Что мы, среднестатистические меломаны, вообще знаем о «Сказках Гофмана»? То, что там есть два мировых оперных хита, если только слово «хит» применимо к этому возвышенному декадентскому жанру.
Во-первых, ария механической куклы Олимпии, в которую влюбляется поэт и коллекционер Гофман, в котором угадывается писатель Эрнест Теодор Амадей Гофман. И либретто создано с использование его биографии и рассказов «Песочный человек», «Сказка о потерянном отражении» и «Советник Креспель». Во-вторых, абсолютно божественная «Баркарола», которую хоть раз в жизни слышал даже не меломан — она звучит во множестве кинофильмов, а видеозапись выступления в студии нашей Элины Гаранчи и «ихней» Анны Нетребко, поющих этот музыкальный шедевр на два голоса, вообще бороздит бескрайние просторы интернета, справедливо набирая миллионные тиражи.

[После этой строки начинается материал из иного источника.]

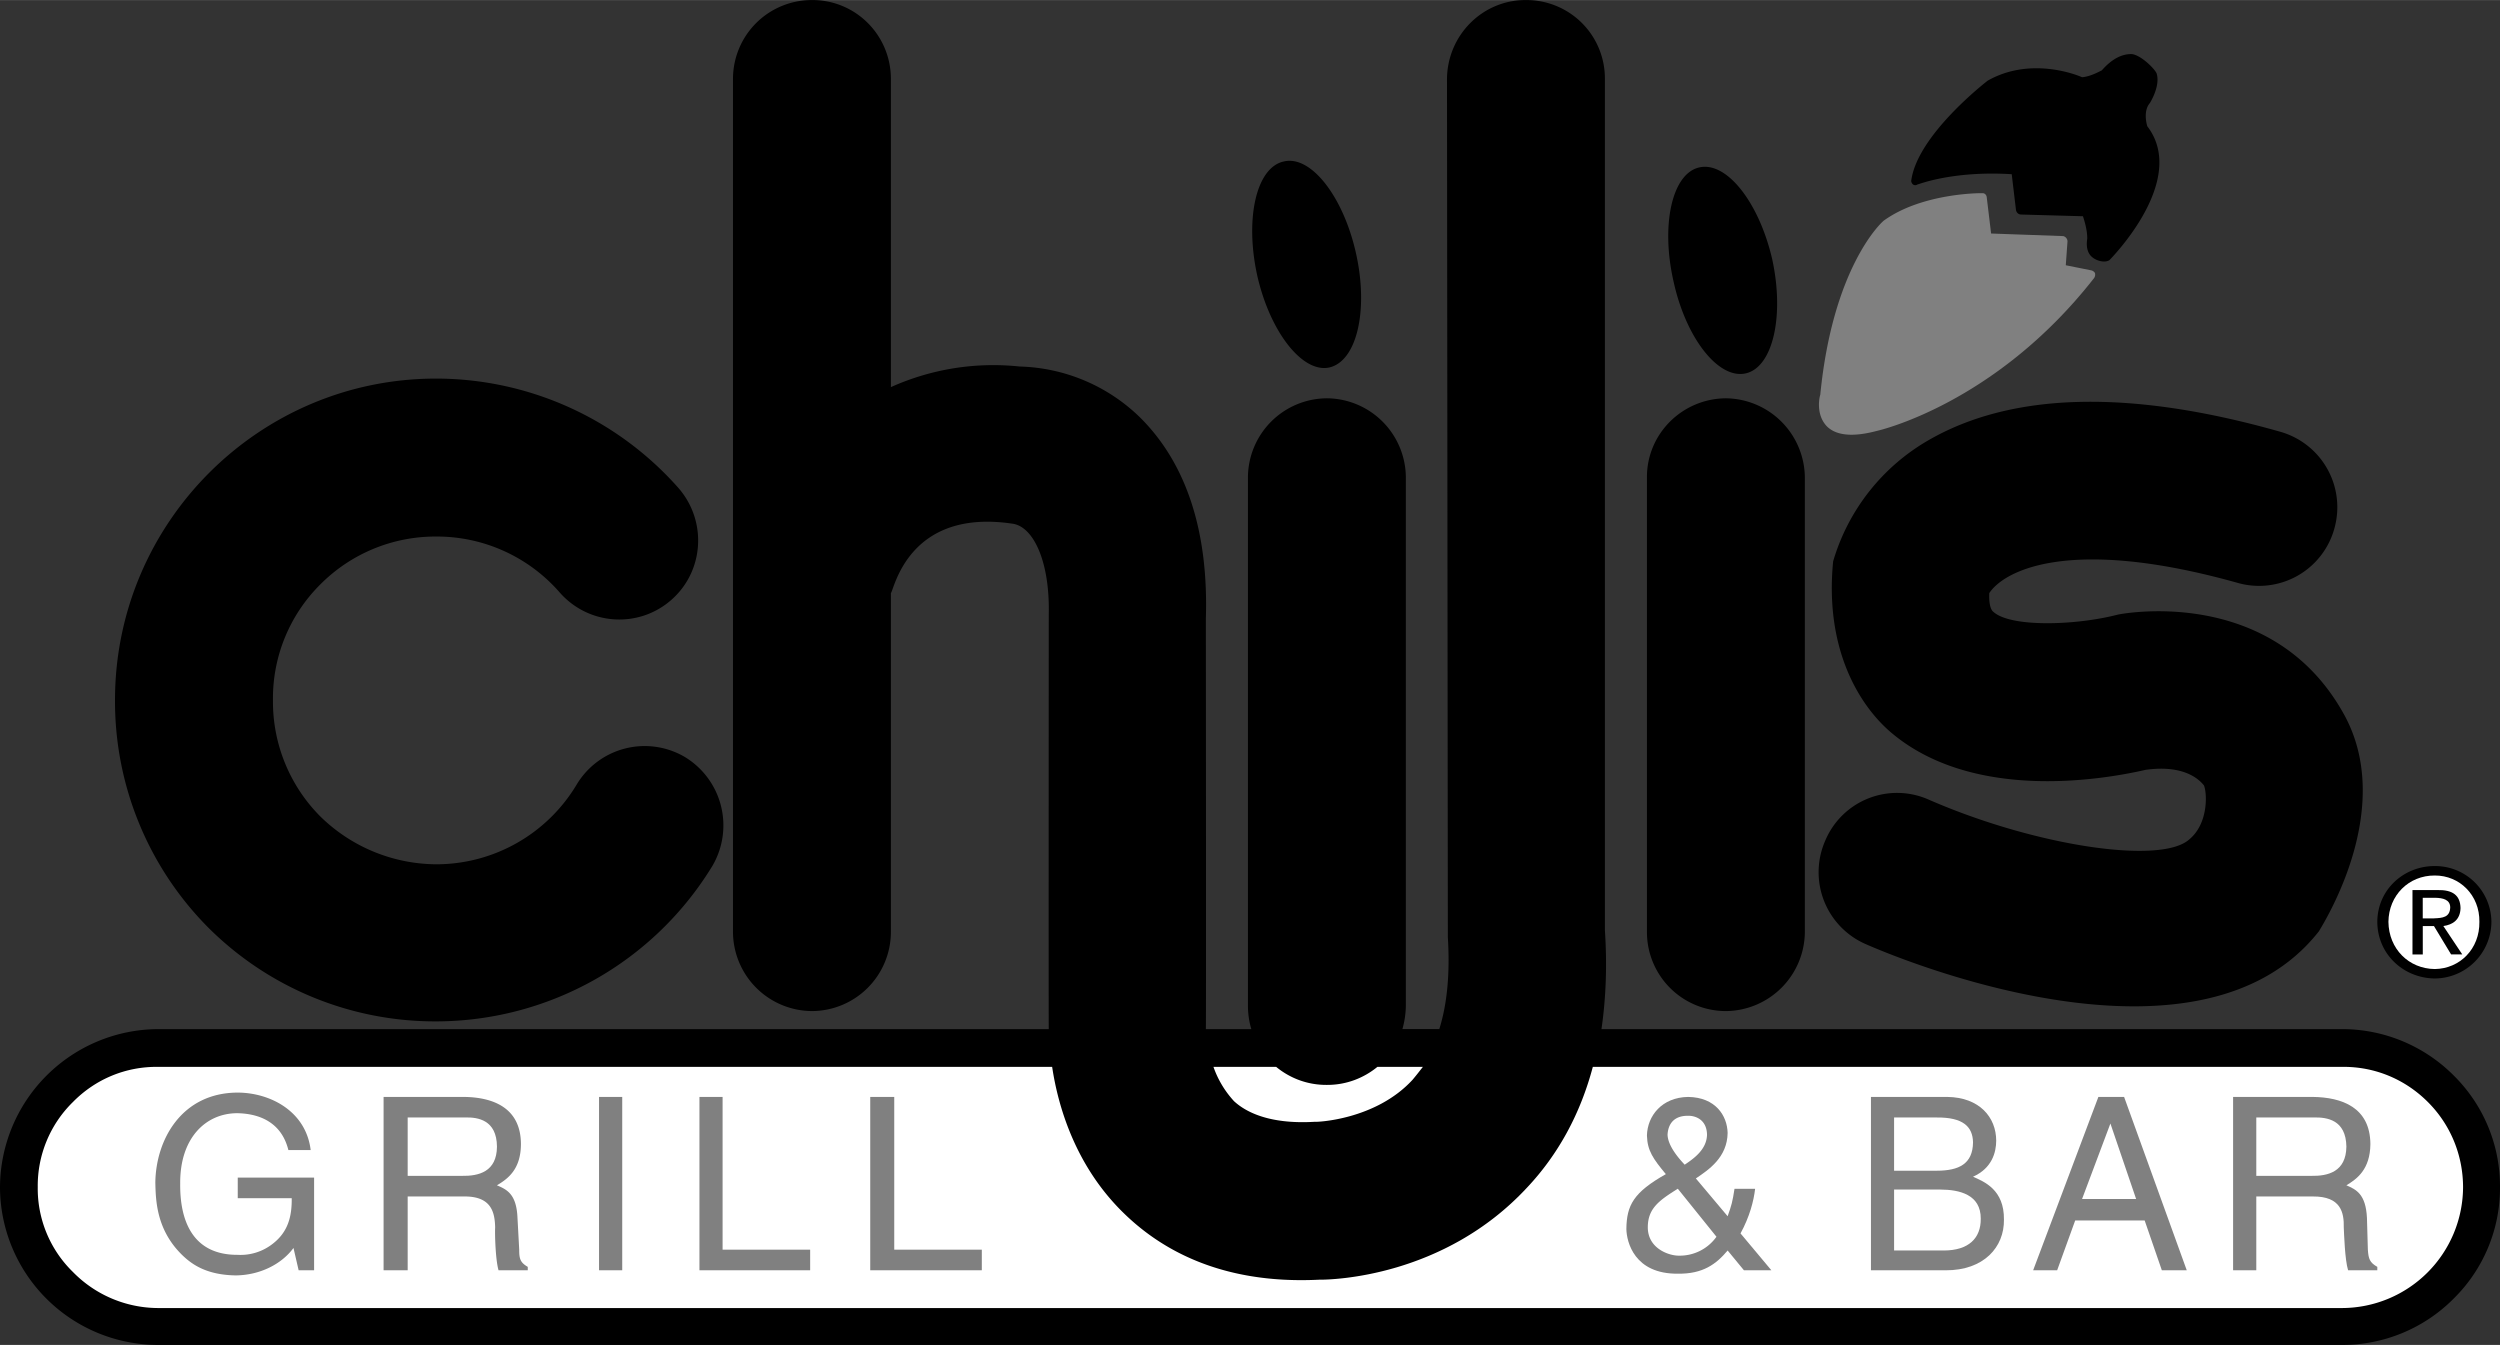 <?xml version="1.0" encoding="UTF-8"?> <svg xmlns="http://www.w3.org/2000/svg" width="2500" height="1345" viewBox="0 0 55.301 29.749"><rect x="0" y="0" width="55.301" height="29.749" fill="#333333" stroke="none"/><path d="M54.276 23.788a3.483 3.483 0 0 0-2.468-1.025H35.425c.098-.673.128-1.403.076-2.184V1.747A1.734 1.734 0 0 0 33.754 0c-.957-.006-1.738.775-1.746 1.747l.019 18.984c.049.797-.014 1.474-.189 2.031h-.816a2 2 0 0 0 .076-.513V10.556a1.76 1.76 0 0 0-1.747-1.747 1.757 1.757 0 0 0-1.746 1.747V22.25c.001.185.028.357.075.513h-1.006c.008-.022 0-9.075 0-9.075.061-1.939-.431-3.429-1.442-4.442a3.961 3.961 0 0 0-2.677-1.14 5.518 5.518 0 0 0-2.848.456V1.747c0-.972-.781-1.753-1.747-1.747a1.743 1.743 0 0 0-1.746 1.747v18.87a1.757 1.757 0 0 0 1.746 1.747 1.753 1.753 0 0 0 1.747-1.747v-7.499c.075-.086.387-1.872 2.677-1.537.475.053.842.839.815 2.012 0 0-.005 9.129 0 9.17H3.493A3.513 3.513 0 0 0 0 26.256a3.5 3.5 0 0 0 3.493 3.493h48.315a3.465 3.465 0 0 0 2.468-1.025 3.433 3.433 0 0 0 1.025-2.468 3.443 3.443 0 0 0-1.025-2.468z"></path><path d="M28.229 23.598c.3.248.691.402 1.12.399.427.003.818-.151 1.12-.399h1.006c-.076.097-.151.194-.228.285-.824.897-2.143.939-2.164.93 0 0 .05.008 0 0-.788.048-1.409-.11-1.785-.455a2.179 2.179 0 0 1-.456-.76h1.387z" fill="#fff"></path><path d="M51.809 28.933H3.493a2.647 2.647 0 0 1-1.88-.798 2.576 2.576 0 0 1-.778-1.879 2.59 2.59 0 0 1 .778-1.88c.5-.509 1.17-.786 1.88-.778h19.781c.131.878.515 2.192 1.576 3.228.755.74 2.078 1.591 4.328 1.48.287.003 2.756-.054 4.595-2.031.697-.738 1.186-1.64 1.461-2.677h16.574c.72-.008 1.39.27 1.898.778.499.499.776 1.169.778 1.88a2.685 2.685 0 0 1-2.675 2.677z" fill="#fff"></path><path d="M38.178 22.364a1.762 1.762 0 0 0 1.746-1.747V10.556a1.767 1.767 0 0 0-1.746-1.747c-.97.008-1.75.789-1.747 1.747v10.062a1.747 1.747 0 0 0 1.747 1.746zM9.644 22.592a7.168 7.168 0 0 0 6.113-3.437 1.77 1.77 0 0 0-.607-2.411 1.754 1.754 0 0 0-2.393.608 3.62 3.62 0 0 1-3.113 1.765 3.693 3.693 0 0 1-2.562-1.062 3.597 3.597 0 0 1-1.044-2.563 3.551 3.551 0 0 1 1.044-2.562 3.59 3.59 0 0 1 2.562-1.063 3.602 3.602 0 0 1 2.734 1.234c.639.73 1.741.806 2.468.171.725-.632.8-1.733.171-2.468a7.16 7.16 0 0 0-5.373-2.431c-3.914.001-7.104 3.191-7.1 7.119a7.098 7.098 0 0 0 2.069 5.031 7.1 7.1 0 0 0 5.031 2.069zM41.271 20.883c1.211.531 7.47 2.969 10.024-.284.165-.275 1.708-2.784.531-4.841-1.613-2.857-4.974-2.165-4.974-2.165-.957.248-2.376.281-2.753-.057-.079-.054-.104-.227-.095-.418.324-.491 1.761-1.271 5.486-.228a1.728 1.728 0 0 0 2.146-1.196 1.735 1.735 0 0 0-1.196-2.145c-3.324-.945-5.938-.878-7.784.189a4.577 4.577 0 0 0-2.106 2.677c-.192 1.945.58 3.184 1.271 3.778 1.782 1.521 4.604 1.073 5.639.835.94-.132 1.244.291 1.291.342.072.163.105.844-.323 1.196-.626.566-3.404.148-5.752-.874a1.723 1.723 0 0 0-2.297.893 1.735 1.735 0 0 0 .892 2.298zM29.995 5.601c-.282-1.262-.999-2.173-1.595-2.031-.608.128-.868 1.258-.589 2.525.284 1.25 1.001 2.162 1.595 2.032.611-.141.87-1.271.589-2.526zM39.202 5.733c-.291-1.258-1.007-2.169-1.613-2.031-.598.132-.857 1.262-.569 2.525.275 1.254.992 2.165 1.595 2.031.601-.135.861-1.265.587-2.525z"></path><path d="M46.341 6.037a.132.132 0 0 0-.076-.057l-.569-.114.038-.531a.124.124 0 0 0-.095-.114l-1.595-.057-.096-.797c-.004-.059-.048-.098-.095-.095-.056-.003-1.341-.002-2.183.607-.055.041-1.128 1.03-1.405 3.854-.02.052-.103.445.152.702.207.201.577.235 1.101.095.018-.003 2.618-.585 4.803-3.379a.135.135 0 0 0 .02-.114z" fill="gray"></path><path d="M47.499 2.791c-.018-.058-.091-.341.057-.513.023-.038.229-.379.152-.646-.022-.088-.339-.412-.55-.437-.224-.006-.447.111-.665.36-.051.024-.257.139-.437.152-.171-.077-1.17-.446-2.088.076-.068.054-1.551 1.208-1.689 2.202-.008.03.008.067.038.095.028.018.068.022.095 0 .008.008.008.008 0 0 .015.004.762-.309 2.088-.228l.095.797c.014.056.056.095.114.095l1.367.038c.03.094.096.299.095.494-.009.064-.037.251.076.379.102.115.316.167.417.096.069-.074 1.739-1.779.835-2.96zM52.587 20.39c.004-.71.581-1.235 1.271-1.234a1.244 1.244 0 0 1 1.253 1.234 1.26 1.26 0 0 1-1.253 1.253c-.69-.008-1.267-.534-1.271-1.253z"></path><path d="M53.858 21.434c.554-.006.996-.445.987-1.044.009-.586-.434-1.028-.987-1.025-.575-.003-1.019.439-1.025 1.025.007.598.45 1.038 1.025 1.044z" fill="#fff"></path><path d="M53.593 21.111h-.228v-1.424h.55c.339-.008.507.116.513.398-.006.256-.167.368-.38.398l.418.627h-.247l-.379-.627h-.247v.628z"></path><path d="M53.84 20.313c.191-.008.355-.021.36-.247-.005-.171-.166-.203-.323-.208h-.285v.456h.248z" fill="#fff"></path><path d="M5.259 26.047h1.689v2.051h-.342l-.114-.494c-.269.365-.749.6-1.271.607-.656-.008-.977-.248-1.177-.437-.583-.558-.599-1.214-.608-1.613.009-.94.574-1.991 1.823-1.994.714.003 1.509.408 1.613 1.272h-.493c-.166-.672-.726-.811-1.14-.816-.696.006-1.262.556-1.253 1.557-.009.78.248 1.581 1.272 1.576a1.15 1.15 0 0 0 .778-.247c.336-.261.422-.602.417-1.006H5.259v-.456zM9.018 28.098h-.533v-3.835h1.785c.621.009 1.251.228 1.253 1.044-.002.56-.29.768-.531.911.215.092.434.188.455.722l.038.702c-.001.204.025.284.189.38v.076h-.646c-.068-.23-.084-.812-.075-.949-.009-.321-.073-.689-.684-.684H9.018v1.633z" fill="gray"></path><path d="M9.018 26.009h1.196c.375.007.775-.089.779-.646-.004-.601-.437-.649-.684-.646H9.018v1.292z" fill="#fff"></path><path fill="gray" d="M13.251 24.263h.513v3.835h-.513zM15.984 27.642h1.937v.456h-2.449v-3.835h.512zM19.781 27.642h1.937v.456H19.25v-3.835h.531zM39.184 28.098h-.607l-.361-.438c-.254.303-.548.521-1.101.513-.962.009-1.133-.7-1.139-.987.006-.529.16-.812.873-1.215-.28-.339-.408-.515-.418-.854.01-.434.329-.845.911-.854.608.009.864.414.874.797-.009.54-.415.812-.703 1.006l.703.836c.086-.24.108-.32.152-.607h.456c-.03.266-.121.618-.323.987l.683.816z"></path><path d="M37.114 26.294c-.418.261-.663.437-.664.854.001.474.476.628.683.626a.996.996 0 0 0 .836-.418l-.855-1.062zM37.76 25.098c-.007-.341-.264-.421-.418-.418-.395-.003-.448.285-.455.418.007.246.242.519.379.664.209-.141.487-.338.494-.664z" fill="#fff"></path><path d="M41.386 24.263h1.689c.712.009 1.081.451 1.082.968-.001.257-.092.609-.513.797.25.111.692.287.684.949.009.607-.444 1.125-1.291 1.121h-1.651v-3.835z" fill="gray"></path><path d="M41.898 25.895h.949c.486-.001.791-.151.797-.626-.006-.352-.225-.555-.797-.551h-.949v1.177zM41.898 27.66h1.101c.549-.001.82-.273.816-.702.004-.536-.471-.644-.892-.646h-1.025v1.348z" fill="#fff"></path><path fill="gray" d="M45.904 26.996l-.399 1.102h-.531l1.443-3.835h.569l1.386 3.835h-.551l-.38-1.102z"></path><path fill="#fff" d="M47.252 26.521l-.569-1.67-.627 1.67z"></path><path d="M49.91 28.098h-.513v-3.835h1.766c.637.009 1.266.228 1.271 1.044-.006.56-.294.768-.531.911.211.092.43.188.455.722l.02.702c.014.204.04.284.209.38v.076h-.646c-.072-.23-.089-.812-.096-.949.007-.321-.057-.689-.683-.684H49.91v1.633z" fill="gray"></path><path d="M49.91 26.009h1.215c.37.007.771-.089.778-.646-.008-.601-.44-.649-.703-.646h-1.29v1.292z" fill="#fff"></path></svg>

Без хвастовства: я с детства знал чуть больше, поскольку в силу обстоятельств с ранних лет сильно ушиблен оперным жанром. И в 1984 году, когда мне было двенадцать лет, увидел предыдущую постановку «Сказок...» в нашей Опере. Темпераментно дирижировал Александр Вилюманис. А недавно ушедший из жизни тенор Янис Спрогис в заглавной роли — это из серии «не забывается такое никогда».
Дело в том, что Спрогис был обладателем уникального голоса, но при этом совершенно не выигрышной оперной фактуры. Он был полный и при этом достаточно статичный. То есть, он был певец божьей милостью, а вот актерства в нем почти не было. Поэтому гораздо большим успехом пользовались его камерные и сольные концерты, когда слушал его и понимал, что вот перед вами чуть ли не прямая реинкарнация Франца Шуберта не только внешне, но и внутренне.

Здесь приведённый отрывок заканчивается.